All the information is recorded in what is called a Topo climbing, it is a small book which summarizes all the technical information that the climber needs before embarking on the ascent of his route: height of the cliff, number of quickdraws required, length of rope required, abseiling, specific equipment (friends, cams, pitons etc.) it also indicates whether certain passages are crossed in artificial climbing but that is another story.
The best way to progress is to sign up for a climbing course or training on safety rules.
On the way to the summits!
Once you are well autonomous on the main road and that you apply the safety instructions to the letter, you will have the pleasure of being able to discover another form of ascent: the adventure field where you have to ask points progress and insurance alone, climbing in the high mountains or the “Big Wall” of Yosemite in the USA which are walls that you climb in artificial climbing and free, but over several days by installing a bivouac or a Portaledge, a sort of small tent hanging in the middle of a void where you can spend a pleasant night on the cliff.
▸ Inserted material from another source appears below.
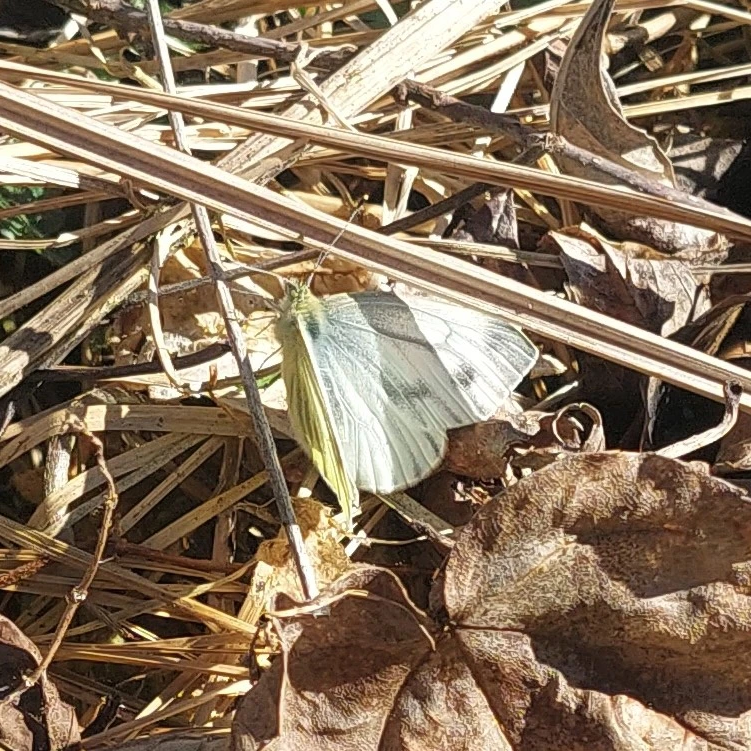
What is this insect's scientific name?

Where to climb in a natural environment?
In France we have thousands of natural and equipped sites for the practice of sport climbing.
Just in Haute-Savoie in the country of Mont Blanc, there are many schools in both granite rock and limestone: The Gaillands in Chamonix are very well known for the preparation of mountaineers who stay in the Chamonix or Argentière valley.
Around Annecy or in the Massif des Aravis you will find many limestone sites such as Le Biclope, Les Vuardes, Ablon, or the Col de la Colombiére …
In the South of France, the Gorges du Verdon, the Gorges du Tarn, the Ardèche and even Céüse are legendary cliff climbing spots.